_Exercise details_:
Leaving out only the pictures, write out all the entries exactly.

_The records_:

=== Section Start ===

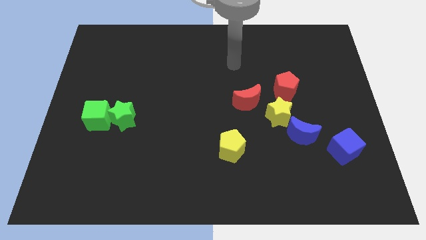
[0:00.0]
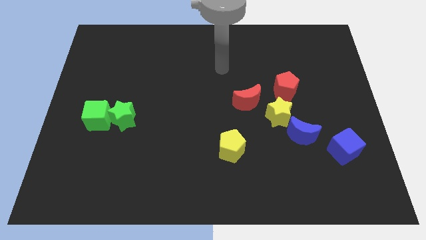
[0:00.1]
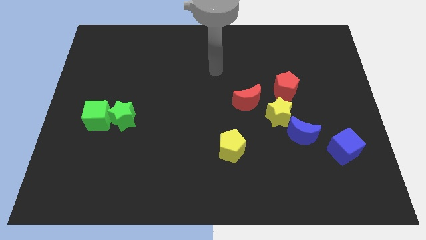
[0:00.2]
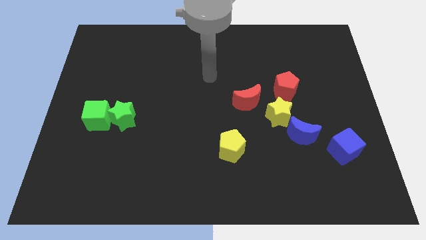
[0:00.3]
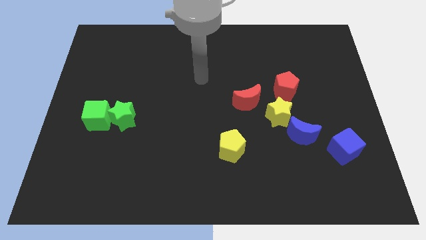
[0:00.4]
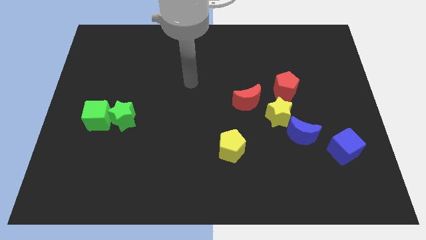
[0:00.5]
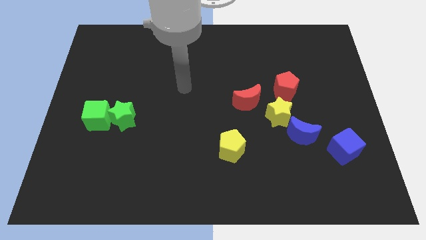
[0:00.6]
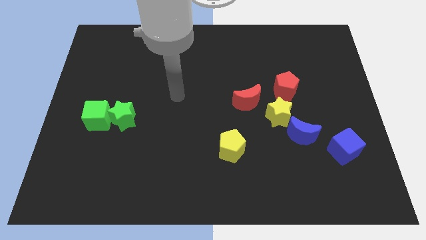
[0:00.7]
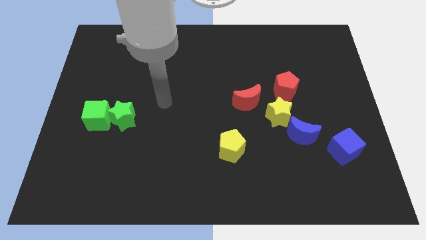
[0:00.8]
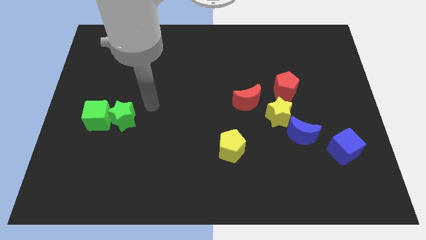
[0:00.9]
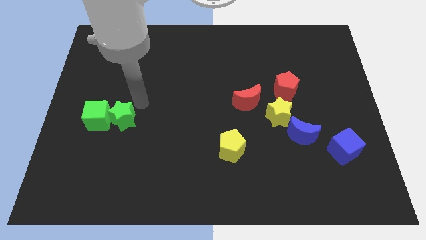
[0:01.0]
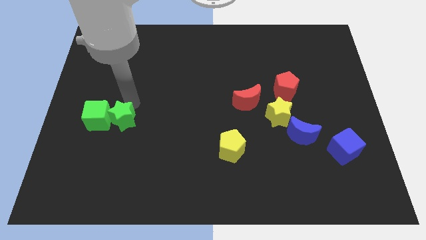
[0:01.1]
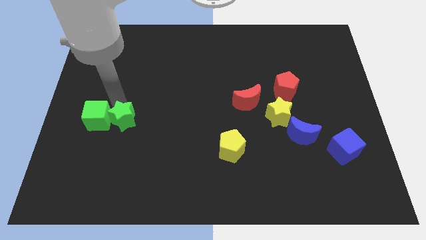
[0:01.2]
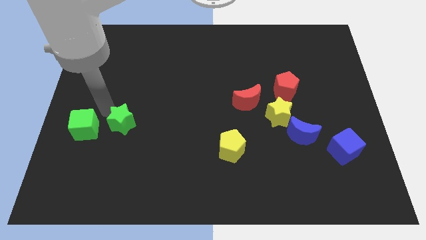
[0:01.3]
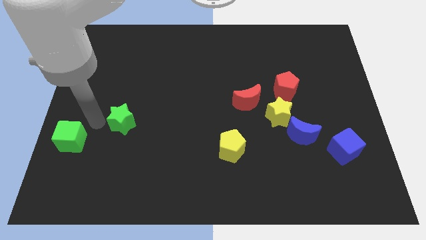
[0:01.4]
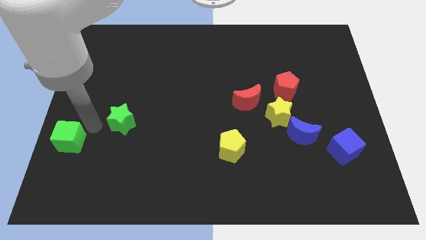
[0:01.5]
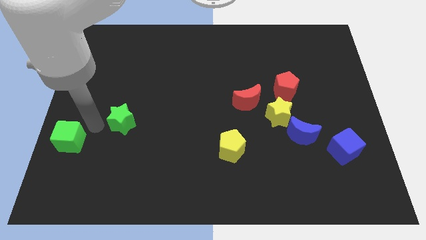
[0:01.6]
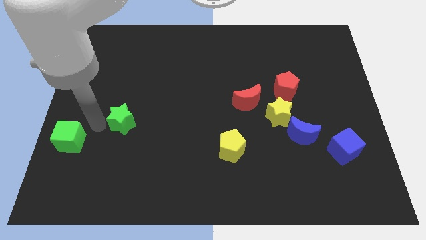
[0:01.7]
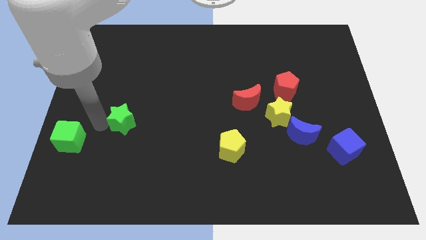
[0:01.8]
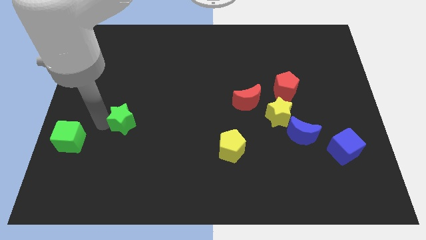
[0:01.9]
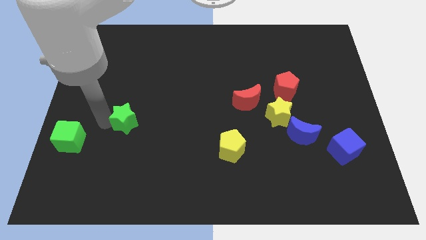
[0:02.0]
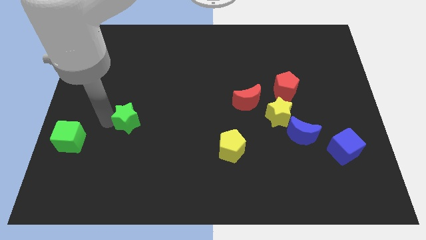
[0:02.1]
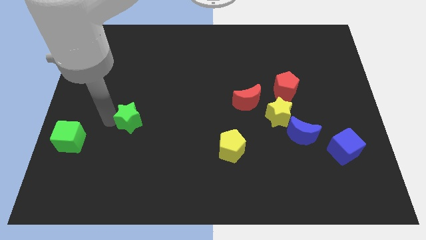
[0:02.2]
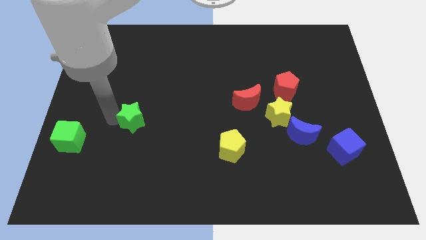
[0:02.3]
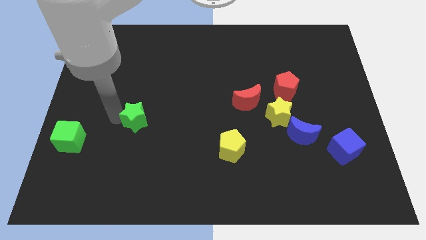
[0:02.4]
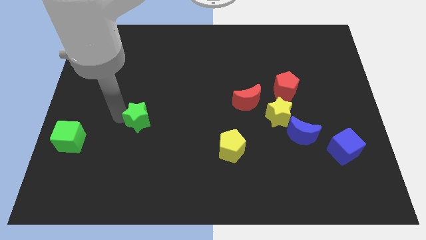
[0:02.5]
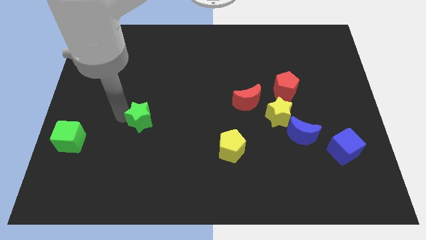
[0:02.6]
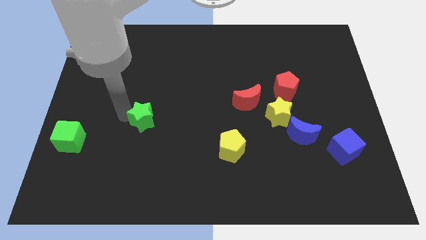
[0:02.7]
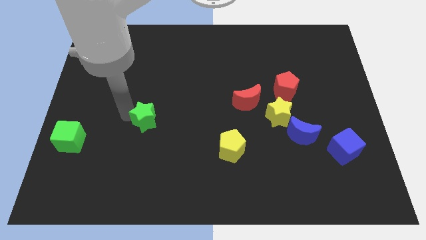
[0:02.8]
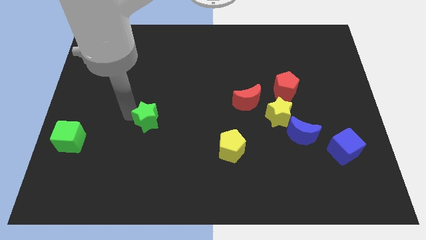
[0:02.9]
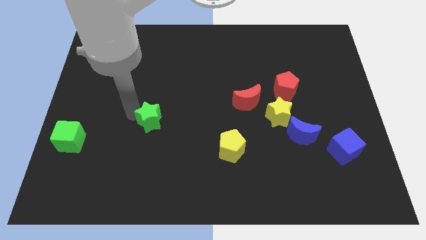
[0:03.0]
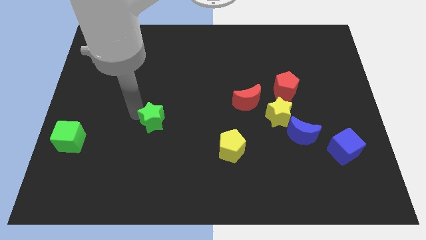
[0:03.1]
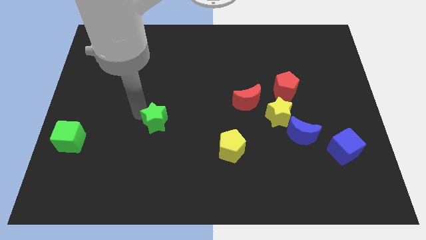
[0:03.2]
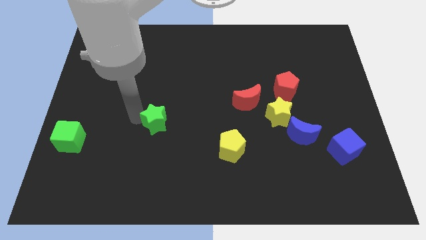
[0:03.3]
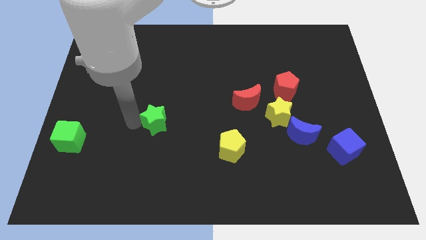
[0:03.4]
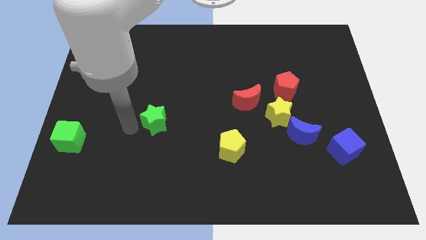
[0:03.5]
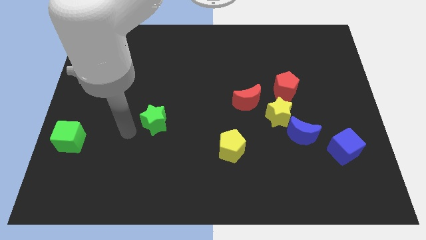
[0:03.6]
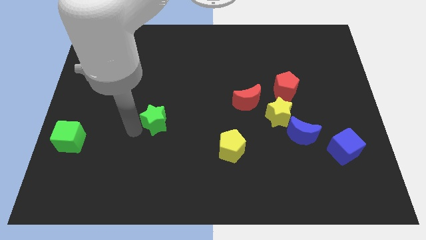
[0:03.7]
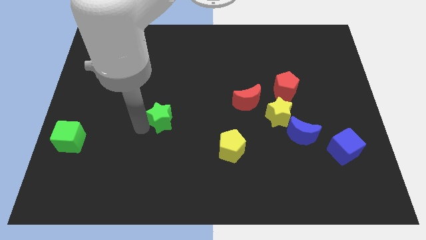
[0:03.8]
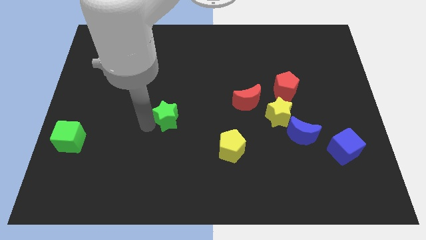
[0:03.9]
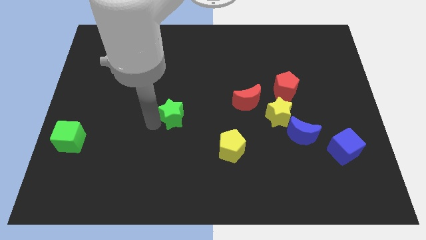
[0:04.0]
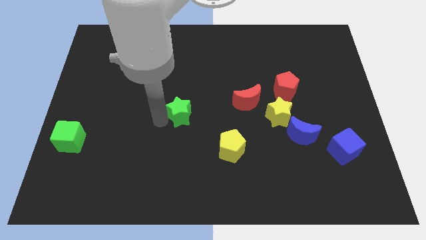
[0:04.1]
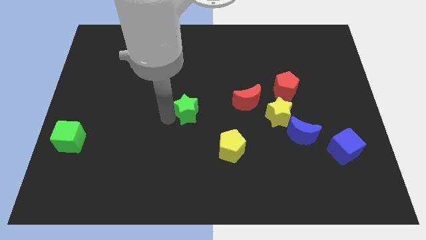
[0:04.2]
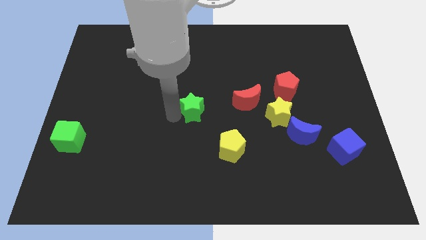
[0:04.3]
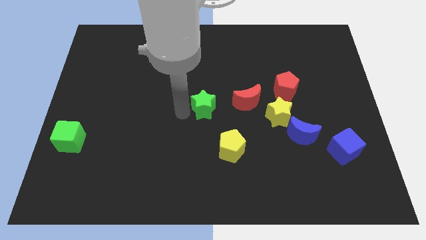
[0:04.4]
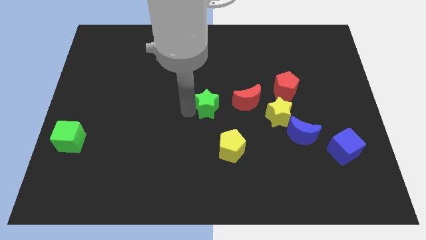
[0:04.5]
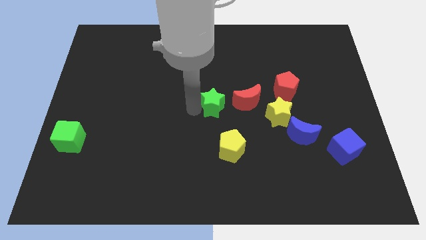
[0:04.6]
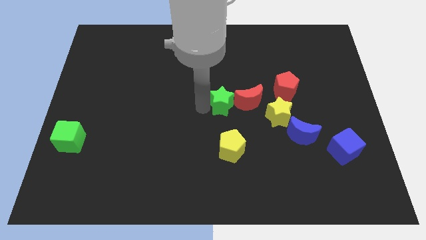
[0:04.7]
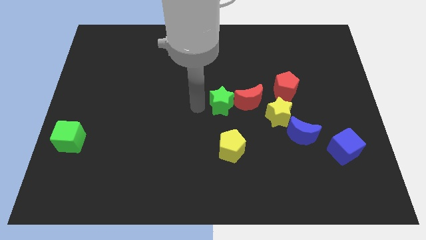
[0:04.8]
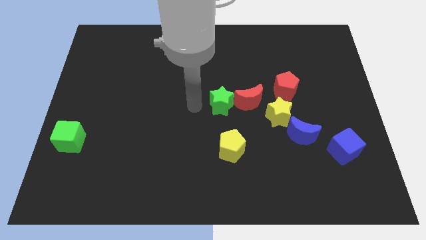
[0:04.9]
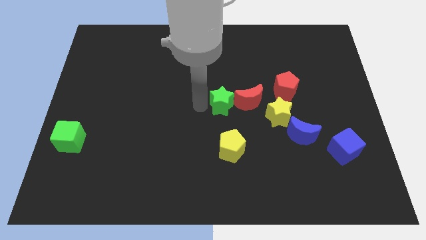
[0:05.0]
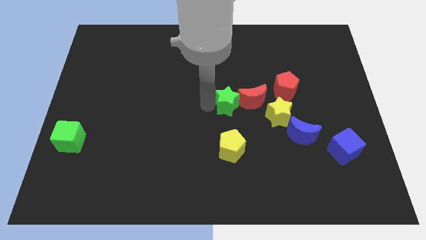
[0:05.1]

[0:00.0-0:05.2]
slide the green star towards the red moon

=== Section End ===

_Reply_:
[0:00.0]
[0:00.1]
[0:00.2]
[0:00.3]
[0:00.4]
[0:00.5]
[0:00.6]
[0:00.7]
[0:00.8]
[0:00.9]
[0:01.0]
[0:01.1]
[0:01.2]
[0:01.3]
[0:01.4]
[0:01.5]
[0:01.6]
[0:01.7]
[0:01.8]
[0:01.9]
[0:02.0]
[0:02.1]
[0:02.2]
[0:02.3]
[0:02.4]
[0:02.5]
[0:02.6]
[0:02.7]
[0:02.8]
[0:02.9]
[0:03.0]
[0:03.1]
[0:03.2]
[0:03.3]
[0:03.4]
[0:03.5]
[0:03.6]
[0:03.7]
[0:03.8]
[0:03.9]
[0:04.0]
[0:04.1]
[0:04.2]
[0:04.3]
[0:04.4]
[0:04.5]
[0:04.6]
[0:04.7]
[0:04.8]
[0:04.9]
[0:05.0]
[0:05.1]

[0:00.0-0:05.2]
slide the green star towards the red moon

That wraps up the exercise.